Ich vermute, daß viele Umweltprobleme - auch über den Fall Computerschrott hinaus - sich aus einem falschen Leitbild ergeben. Es hat uns vor langer Zeit auf einen Irrweg geführt: Der Mensch, der den Industrialisierungsprozeß vorangetrieben hat, hat offensichtlich übersehen, daß Materie nicht verlorengehen kann. Für ihn gehen Roh- und Betriebsstoffe wie auch die eingesetzte Energie bei der Produktion unter. So hat es uns die Ökonomie seit Jahrzehnten gelehrt: Entweder sie gehen in das Produkt ein, dann sind sie rechtlich Bestandteil des Produkts und können nicht Gegenstand besonderer Rechte sein - so auch das Bürgerliche Gesetzbuch - oder es fallen Abfälle an, die dann wertlos für den Betrieb sind. Die betriebliche Rechnungslegung ist buchstäblich blind für alles, was wertlos ist.

Und das ist eben alles, was man kostenlos bekommt oder abgeben kann. Entsprechend verhält es sich beim Konsum.

Der Industrialisierungsprozeß wird unter der Leitlinie der Unendlichkeit von Produktion und Konsum veranstaltet. Kapital und Arbeit werden mit technischem Fortschritt kombiniert, während sich Energie und Materie der Natur entnehmen und ihr vermeintlich ohne Reue wieder zurückgeben lassen. Naturkapital ist kein betriebswirtschaftlich relevanter Faktor. Er geht weder in die Rechnungslegung ein, noch ist darüber in den meisten Fällen in anderer Weise Rechenschaft abzulegen. Solange wir dies nicht überdenken und Konsequenzen ziehen, werden unsere Erfolge im Bereich Umwelt bescheiden bleiben.

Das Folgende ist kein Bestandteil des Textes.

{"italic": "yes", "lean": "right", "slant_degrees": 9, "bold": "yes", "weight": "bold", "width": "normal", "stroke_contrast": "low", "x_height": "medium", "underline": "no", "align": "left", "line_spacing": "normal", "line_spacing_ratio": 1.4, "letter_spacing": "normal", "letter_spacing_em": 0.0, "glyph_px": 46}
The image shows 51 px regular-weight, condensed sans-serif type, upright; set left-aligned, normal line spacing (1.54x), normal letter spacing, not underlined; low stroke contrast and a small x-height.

Ich fürchte, die in vielen Metaphern zum Ausdruck kommende Denkweise hält die DV-Anwender davon ab, auch für ihren Verantwortungsbereich diese grundsätzlichen Fragen zu stellen - beispielsweise auch die Frage: Ist der Computer nicht heute das Steuerungsinstrument einer Methode der Industrialisierung, die vom Verbrauch der Natur lebt?

*Dies sind Öle, Fette, Batterien, Kondensatoren, Magnet- und Farbbänder, Leiterplatten mit ihrer Mischung aus Edelmetalleln, Kunststoffen und Flammschutzmitteln, gemischte, nicht metallfrei zu erhaltende Kunststoff-Fraktionen sowie die cadmium- und strontiumhaltigen Bildröhren.